* What is needed:
Repeat the stretch of entries below from the line with "Give bounding boxes for traffic island." through the line with "Estimate the 3-D box of the bare". Include both ends and add nothing.

━━ Study material

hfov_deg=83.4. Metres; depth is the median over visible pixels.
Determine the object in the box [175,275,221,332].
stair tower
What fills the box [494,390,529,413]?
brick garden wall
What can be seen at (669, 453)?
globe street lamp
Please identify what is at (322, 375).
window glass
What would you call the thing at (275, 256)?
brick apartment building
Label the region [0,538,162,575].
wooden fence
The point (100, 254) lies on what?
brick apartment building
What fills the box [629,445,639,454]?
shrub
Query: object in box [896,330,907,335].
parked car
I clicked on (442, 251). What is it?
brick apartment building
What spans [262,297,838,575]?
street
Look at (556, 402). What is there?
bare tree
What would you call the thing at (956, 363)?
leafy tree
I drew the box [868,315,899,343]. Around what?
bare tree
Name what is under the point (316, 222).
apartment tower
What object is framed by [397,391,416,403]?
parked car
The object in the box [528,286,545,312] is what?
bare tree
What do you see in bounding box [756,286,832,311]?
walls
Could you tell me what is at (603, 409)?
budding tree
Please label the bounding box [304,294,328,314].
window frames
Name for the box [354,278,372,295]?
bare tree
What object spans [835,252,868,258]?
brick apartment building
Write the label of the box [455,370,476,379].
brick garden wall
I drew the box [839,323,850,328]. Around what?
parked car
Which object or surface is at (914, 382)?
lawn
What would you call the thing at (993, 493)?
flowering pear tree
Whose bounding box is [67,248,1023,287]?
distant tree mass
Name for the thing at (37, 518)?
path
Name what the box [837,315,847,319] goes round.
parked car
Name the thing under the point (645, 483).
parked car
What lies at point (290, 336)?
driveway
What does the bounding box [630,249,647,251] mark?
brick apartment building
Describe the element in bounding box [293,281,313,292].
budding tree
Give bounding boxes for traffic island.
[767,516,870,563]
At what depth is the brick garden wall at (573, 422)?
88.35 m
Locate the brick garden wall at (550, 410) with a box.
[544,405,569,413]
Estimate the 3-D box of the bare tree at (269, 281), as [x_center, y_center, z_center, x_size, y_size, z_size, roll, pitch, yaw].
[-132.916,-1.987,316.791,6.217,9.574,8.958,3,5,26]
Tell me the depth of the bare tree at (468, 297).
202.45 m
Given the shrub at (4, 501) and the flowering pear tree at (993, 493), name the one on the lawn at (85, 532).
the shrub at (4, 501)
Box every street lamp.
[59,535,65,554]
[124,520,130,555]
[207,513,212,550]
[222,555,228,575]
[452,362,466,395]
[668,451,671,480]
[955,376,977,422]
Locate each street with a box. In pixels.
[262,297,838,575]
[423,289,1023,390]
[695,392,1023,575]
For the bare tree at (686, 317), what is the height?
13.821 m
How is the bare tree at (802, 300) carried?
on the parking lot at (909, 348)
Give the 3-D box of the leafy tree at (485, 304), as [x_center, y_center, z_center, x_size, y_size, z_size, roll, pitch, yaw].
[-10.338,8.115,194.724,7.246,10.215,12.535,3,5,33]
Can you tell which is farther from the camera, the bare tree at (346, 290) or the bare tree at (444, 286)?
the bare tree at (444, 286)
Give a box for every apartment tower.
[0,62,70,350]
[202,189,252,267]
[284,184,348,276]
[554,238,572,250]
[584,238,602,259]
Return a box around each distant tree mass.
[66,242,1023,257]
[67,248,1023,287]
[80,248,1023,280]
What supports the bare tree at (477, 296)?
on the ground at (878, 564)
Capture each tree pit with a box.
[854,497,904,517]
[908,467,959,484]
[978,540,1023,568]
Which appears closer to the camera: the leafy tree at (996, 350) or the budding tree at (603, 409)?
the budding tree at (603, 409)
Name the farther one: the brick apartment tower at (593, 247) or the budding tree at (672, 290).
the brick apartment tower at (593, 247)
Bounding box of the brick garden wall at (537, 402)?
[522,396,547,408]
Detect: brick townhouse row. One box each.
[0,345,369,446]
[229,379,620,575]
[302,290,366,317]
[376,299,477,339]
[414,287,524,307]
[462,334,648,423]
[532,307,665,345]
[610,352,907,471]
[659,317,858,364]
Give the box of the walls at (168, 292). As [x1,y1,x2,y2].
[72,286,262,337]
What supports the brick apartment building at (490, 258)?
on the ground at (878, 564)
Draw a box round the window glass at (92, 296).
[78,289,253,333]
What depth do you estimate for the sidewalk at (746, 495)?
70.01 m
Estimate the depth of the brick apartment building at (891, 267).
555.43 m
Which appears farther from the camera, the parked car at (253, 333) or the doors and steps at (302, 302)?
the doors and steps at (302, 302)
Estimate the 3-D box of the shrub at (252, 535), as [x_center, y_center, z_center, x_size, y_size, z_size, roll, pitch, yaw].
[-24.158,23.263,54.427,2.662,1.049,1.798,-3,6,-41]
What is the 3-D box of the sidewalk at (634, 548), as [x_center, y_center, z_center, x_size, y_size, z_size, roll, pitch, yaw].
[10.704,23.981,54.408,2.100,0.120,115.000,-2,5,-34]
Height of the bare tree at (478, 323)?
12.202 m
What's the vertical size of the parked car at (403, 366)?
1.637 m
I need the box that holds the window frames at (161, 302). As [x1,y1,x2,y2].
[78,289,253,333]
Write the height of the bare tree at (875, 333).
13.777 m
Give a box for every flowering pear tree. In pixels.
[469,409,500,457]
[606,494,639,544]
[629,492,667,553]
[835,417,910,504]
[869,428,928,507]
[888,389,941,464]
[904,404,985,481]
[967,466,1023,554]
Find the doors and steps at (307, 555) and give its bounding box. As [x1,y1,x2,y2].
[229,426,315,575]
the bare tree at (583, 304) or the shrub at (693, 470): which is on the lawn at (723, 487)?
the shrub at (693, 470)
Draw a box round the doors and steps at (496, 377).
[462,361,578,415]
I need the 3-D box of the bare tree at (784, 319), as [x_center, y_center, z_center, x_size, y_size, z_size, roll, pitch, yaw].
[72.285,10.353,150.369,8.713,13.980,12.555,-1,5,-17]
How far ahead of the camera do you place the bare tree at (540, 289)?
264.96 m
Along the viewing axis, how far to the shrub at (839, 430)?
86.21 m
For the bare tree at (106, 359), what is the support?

━━━━
━━ Study material

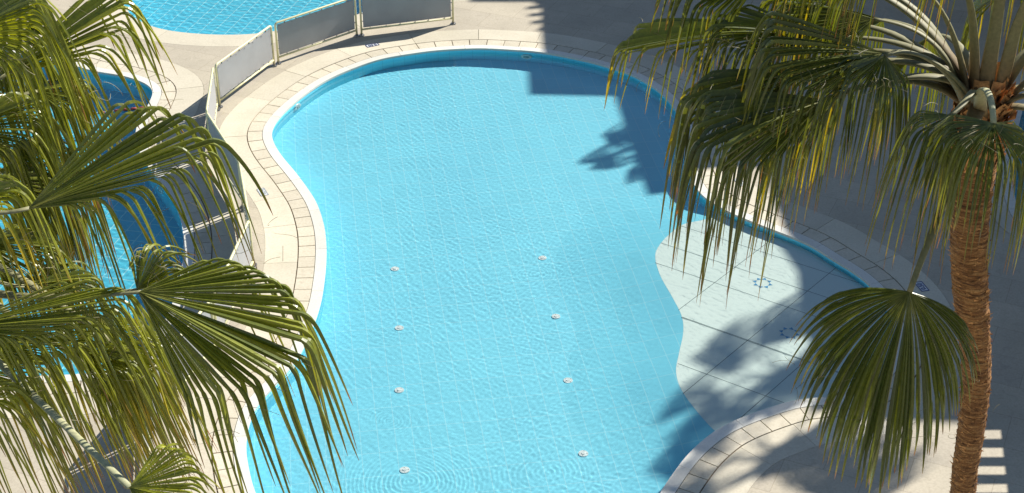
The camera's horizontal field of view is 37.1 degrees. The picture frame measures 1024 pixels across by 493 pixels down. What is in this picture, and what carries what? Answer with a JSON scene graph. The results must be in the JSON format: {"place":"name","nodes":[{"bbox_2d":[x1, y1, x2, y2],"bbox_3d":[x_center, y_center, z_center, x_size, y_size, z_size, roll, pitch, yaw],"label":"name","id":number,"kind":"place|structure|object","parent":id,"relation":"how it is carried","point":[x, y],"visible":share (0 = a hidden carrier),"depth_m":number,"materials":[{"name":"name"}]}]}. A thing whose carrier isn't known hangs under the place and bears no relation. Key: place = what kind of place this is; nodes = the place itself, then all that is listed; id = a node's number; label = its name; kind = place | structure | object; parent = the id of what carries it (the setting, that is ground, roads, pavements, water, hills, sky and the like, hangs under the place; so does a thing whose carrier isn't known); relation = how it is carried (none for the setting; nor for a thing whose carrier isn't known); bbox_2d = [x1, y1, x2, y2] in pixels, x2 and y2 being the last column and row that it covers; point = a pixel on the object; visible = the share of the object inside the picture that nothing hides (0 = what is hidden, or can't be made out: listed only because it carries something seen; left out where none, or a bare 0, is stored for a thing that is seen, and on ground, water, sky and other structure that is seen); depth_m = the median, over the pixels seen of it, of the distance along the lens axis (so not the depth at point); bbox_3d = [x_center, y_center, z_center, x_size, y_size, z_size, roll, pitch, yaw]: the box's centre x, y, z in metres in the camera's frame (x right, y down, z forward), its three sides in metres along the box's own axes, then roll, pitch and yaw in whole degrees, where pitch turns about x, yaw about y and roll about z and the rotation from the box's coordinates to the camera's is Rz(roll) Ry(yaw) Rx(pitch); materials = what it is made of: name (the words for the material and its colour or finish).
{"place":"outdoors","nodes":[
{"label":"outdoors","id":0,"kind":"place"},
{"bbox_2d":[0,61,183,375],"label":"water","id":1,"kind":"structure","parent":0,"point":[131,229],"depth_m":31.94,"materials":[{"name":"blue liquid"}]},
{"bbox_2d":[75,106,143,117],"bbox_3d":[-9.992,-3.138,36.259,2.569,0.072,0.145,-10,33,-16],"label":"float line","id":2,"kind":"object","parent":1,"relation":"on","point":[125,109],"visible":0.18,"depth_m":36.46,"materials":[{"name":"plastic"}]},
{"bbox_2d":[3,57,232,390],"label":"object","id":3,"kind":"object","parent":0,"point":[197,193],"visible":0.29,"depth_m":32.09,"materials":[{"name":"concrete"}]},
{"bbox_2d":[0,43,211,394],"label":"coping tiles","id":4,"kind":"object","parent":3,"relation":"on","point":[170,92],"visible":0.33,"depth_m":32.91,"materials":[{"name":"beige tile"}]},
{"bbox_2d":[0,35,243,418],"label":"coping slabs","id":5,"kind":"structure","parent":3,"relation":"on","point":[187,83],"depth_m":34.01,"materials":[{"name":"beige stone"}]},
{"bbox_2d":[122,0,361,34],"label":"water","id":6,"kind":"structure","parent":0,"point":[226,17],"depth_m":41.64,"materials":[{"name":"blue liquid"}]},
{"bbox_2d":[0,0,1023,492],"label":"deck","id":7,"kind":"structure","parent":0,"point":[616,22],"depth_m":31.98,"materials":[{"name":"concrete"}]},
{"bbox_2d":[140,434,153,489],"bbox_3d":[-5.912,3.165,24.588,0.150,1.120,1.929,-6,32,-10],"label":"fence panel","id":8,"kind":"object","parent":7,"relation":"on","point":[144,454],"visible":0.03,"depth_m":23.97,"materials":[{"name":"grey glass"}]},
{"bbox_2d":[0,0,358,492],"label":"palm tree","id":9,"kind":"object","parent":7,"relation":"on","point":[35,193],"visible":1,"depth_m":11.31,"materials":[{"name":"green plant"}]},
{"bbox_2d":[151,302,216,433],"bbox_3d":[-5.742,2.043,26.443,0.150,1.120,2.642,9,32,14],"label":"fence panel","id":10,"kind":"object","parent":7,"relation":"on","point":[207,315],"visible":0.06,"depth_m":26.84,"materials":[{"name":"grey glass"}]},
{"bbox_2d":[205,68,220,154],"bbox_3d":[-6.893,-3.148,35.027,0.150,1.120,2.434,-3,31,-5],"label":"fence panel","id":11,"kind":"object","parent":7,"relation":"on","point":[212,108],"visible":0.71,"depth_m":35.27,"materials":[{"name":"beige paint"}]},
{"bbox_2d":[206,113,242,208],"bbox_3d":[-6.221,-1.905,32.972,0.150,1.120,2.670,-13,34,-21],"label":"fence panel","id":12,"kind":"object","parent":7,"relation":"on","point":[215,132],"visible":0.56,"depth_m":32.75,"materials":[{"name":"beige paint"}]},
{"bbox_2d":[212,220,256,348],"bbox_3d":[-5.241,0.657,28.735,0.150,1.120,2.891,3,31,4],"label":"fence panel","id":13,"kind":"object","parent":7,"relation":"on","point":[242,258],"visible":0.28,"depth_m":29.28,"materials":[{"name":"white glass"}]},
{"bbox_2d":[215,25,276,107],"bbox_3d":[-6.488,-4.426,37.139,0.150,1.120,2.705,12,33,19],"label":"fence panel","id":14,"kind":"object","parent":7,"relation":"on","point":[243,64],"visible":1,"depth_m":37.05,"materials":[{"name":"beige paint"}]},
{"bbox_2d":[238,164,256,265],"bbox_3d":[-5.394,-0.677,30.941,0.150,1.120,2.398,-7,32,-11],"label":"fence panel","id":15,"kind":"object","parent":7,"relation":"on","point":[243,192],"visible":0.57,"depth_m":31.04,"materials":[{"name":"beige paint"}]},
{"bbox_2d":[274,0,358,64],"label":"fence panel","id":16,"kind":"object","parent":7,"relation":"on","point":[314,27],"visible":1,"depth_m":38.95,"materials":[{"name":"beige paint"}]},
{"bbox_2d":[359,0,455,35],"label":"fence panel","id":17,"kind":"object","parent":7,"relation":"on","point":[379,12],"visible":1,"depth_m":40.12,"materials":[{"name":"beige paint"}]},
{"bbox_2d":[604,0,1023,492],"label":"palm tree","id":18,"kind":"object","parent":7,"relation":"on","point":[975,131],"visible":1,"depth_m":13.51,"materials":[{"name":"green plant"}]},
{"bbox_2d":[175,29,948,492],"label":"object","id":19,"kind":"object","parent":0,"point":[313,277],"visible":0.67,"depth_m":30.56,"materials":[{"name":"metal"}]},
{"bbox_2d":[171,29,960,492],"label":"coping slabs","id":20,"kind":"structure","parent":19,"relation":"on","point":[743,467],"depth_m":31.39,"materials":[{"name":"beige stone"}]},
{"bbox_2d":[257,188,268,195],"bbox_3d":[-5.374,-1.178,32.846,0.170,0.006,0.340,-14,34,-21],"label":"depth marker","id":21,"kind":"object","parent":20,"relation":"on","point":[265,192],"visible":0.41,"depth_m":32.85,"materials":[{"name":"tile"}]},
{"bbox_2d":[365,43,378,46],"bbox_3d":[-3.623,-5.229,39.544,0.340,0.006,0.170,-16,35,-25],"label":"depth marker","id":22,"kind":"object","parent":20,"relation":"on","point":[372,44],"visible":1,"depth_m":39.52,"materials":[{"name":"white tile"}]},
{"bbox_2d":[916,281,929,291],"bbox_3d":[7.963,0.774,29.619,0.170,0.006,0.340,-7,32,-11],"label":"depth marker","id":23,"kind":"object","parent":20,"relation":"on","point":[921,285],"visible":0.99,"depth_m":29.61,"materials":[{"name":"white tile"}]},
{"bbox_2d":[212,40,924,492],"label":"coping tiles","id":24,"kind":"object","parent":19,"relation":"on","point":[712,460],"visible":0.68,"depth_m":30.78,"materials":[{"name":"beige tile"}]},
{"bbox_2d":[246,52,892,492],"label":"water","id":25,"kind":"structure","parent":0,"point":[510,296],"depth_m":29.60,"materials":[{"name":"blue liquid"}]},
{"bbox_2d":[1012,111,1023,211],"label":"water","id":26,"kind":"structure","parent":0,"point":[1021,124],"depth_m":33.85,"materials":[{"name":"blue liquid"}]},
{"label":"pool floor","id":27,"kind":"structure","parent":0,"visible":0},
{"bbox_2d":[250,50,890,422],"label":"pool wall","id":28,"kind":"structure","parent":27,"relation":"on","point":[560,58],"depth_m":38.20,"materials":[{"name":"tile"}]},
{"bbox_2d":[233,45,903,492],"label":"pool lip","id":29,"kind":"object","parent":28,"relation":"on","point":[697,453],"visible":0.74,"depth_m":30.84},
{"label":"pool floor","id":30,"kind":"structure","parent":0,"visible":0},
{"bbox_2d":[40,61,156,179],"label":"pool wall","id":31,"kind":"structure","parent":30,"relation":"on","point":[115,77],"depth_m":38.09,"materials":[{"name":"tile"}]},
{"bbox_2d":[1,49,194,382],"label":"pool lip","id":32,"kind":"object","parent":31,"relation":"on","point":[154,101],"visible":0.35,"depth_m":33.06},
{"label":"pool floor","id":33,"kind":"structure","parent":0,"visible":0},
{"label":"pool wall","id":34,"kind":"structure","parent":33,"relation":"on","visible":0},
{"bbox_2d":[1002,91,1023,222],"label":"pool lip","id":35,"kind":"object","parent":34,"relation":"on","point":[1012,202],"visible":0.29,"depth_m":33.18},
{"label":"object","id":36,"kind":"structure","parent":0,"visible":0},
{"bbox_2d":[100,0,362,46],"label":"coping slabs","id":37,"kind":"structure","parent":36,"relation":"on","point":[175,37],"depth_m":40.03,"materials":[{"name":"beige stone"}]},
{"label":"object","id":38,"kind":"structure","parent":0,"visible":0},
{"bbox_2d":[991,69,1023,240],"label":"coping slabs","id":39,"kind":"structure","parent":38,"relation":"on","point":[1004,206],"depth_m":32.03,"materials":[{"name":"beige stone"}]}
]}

━━━━

* Exercise result:
Give bounding boxes for traffic island.
[767,516,870,563]
At what depth is the brick garden wall at (573, 422)?
88.35 m
Locate the brick garden wall at (550, 410) with a box.
[544,405,569,413]
Estimate the 3-D box of the bare tree at (269, 281), as [x_center, y_center, z_center, x_size, y_size, z_size, roll, pitch, yaw].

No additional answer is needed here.